Sanatorium, Istanbul: Silver Planet

Orhan Cem Çetin – Silver Planet

One of the most prominent figures in the art of contemporary photography in Turkey, Orhan Cem Çetin, returns with his bold and distinctive style. 

Having reached a simplified, pure, straight visual style in his recent series, Çetin’s works shown at Sanatorium represent a sharp turn as though completing a cycle. These new works are much more personal, gloomy and novel, yet highly reminiscent of his earliest works.

Entitled Silver Planet, the new series reflect the artist's highlights from his last three years and is essentially a visual archive of his memory. The title refers to the silver grains which form the main ingredient of the first step of the elaborate technique utilized in this project. The long and arduous process passes several times between chemistry, optics, electronics and painting, using water, sunlight, artificial light, artificial intelligence, will and often chance, and finally casts itself on paper as a mental representation, an imaginary memento of memorable times. 

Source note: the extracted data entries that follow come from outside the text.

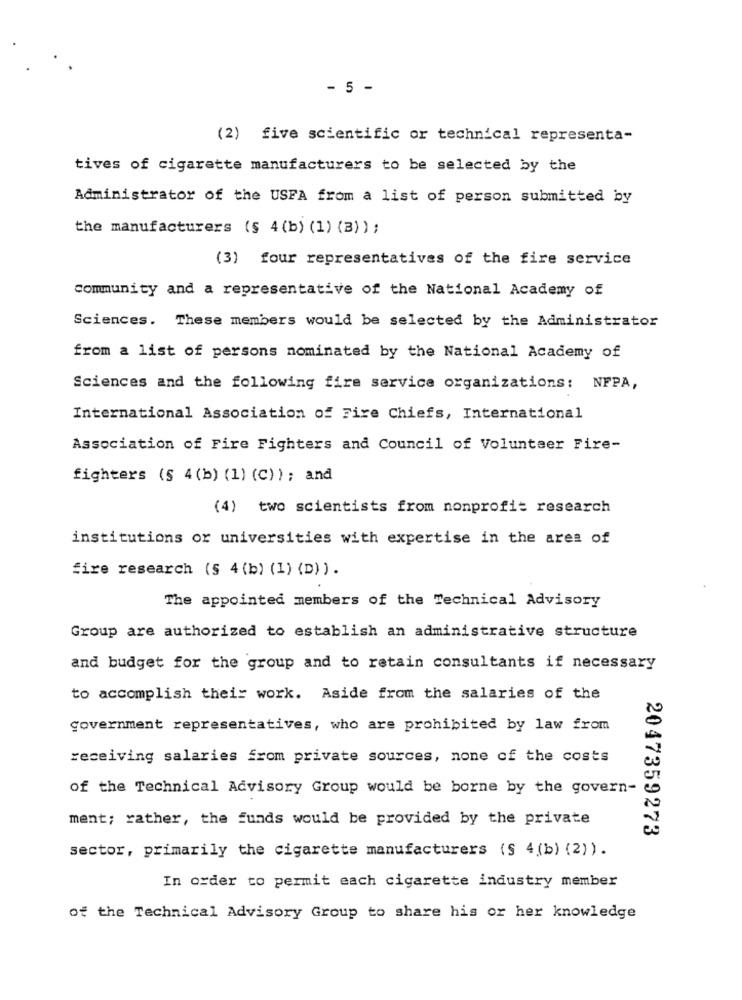
- 5 -
(2) five scientific or technical representa-
tives of cigarette manufacturers to be selected by the
Administrator of the USFA from a list of person submitted by
the manufacturers (§ 4(b) (1) (B) ) ;
(3) four representatives of the fire service
community and a representative of the National Academy of
Sciences. These members would be selected by the Administrator
from a list of persons nominated by the National Academy of
Sciences and the following fire service organizations: NFPA,
International Association of Fire Chiefs, International
Association of Fire Fighters and Council of Volunteer Fire-
fighters (§ 4(b) (1) (C)) ; and
(4) two scientists from nonprofit research
institutions or universities with expertise in the area of
fire research (§ 4 (b) (1) (D)).
The appointed members of the Technical Advisory
Group are authorized to establish an administrative structure
and budget for the group and to retain consultants if necessary
to accomplish their work. Aside from the salaries of the
government representatives, who are prohibited by law from
receiving salaries from private sources, none of the costs
of the Technical Advisory Group would be borne by the govern-
ment; rather, the funds would be provided by the private
2047359273
sector, primarily the cigarette manufacturers (§ 4(b) (2) ) .
In order to permit each cigarette industry member
of the Technical Advisory Group to share his or her knowledge
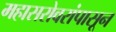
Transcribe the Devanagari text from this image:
महासरोवरांपासून
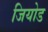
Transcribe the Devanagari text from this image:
जियोड
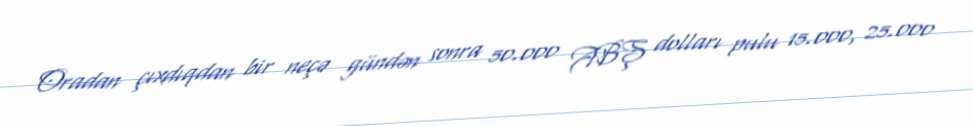
Oradan çıxdıqdan bir neçə gündən sonra 50.000 ABŞ dolları pulu 15.000, 25.000

 The artist says, “While the speed of life is accelerating with a rhythm unbearable for the human mind, the response to this destructive speed, on the contrary, should probably be rather slow.” 

The resulting language and the stories told comprise a mix of all the visual paths the artist has ever pursued combined with the visual records of the scenes he has experienced. 

Orhan Cem Çetin: Born in 1960 in Istanbul, Orhan Cem Çetin graduated from Boğazici University’s Department of Psychology, followed by an MFA degree of Visual Communication Design at Istanbul Bilgi University. With his 1993 Renk’Arnasyon series Çetin entered the canon of Turkish art history as the first artist to use the computer manipulated photography in his work.  In addition to numerous solo and group exhibitions,  his works are currently featured in 'Past and Future', the permenant collection exhibition at Istanbul Modern Art Museum,curated by Levent Çalıkoğlu in 2013. His most recent solo exhibition e at Plato Sanat was curated by Marcus Graf.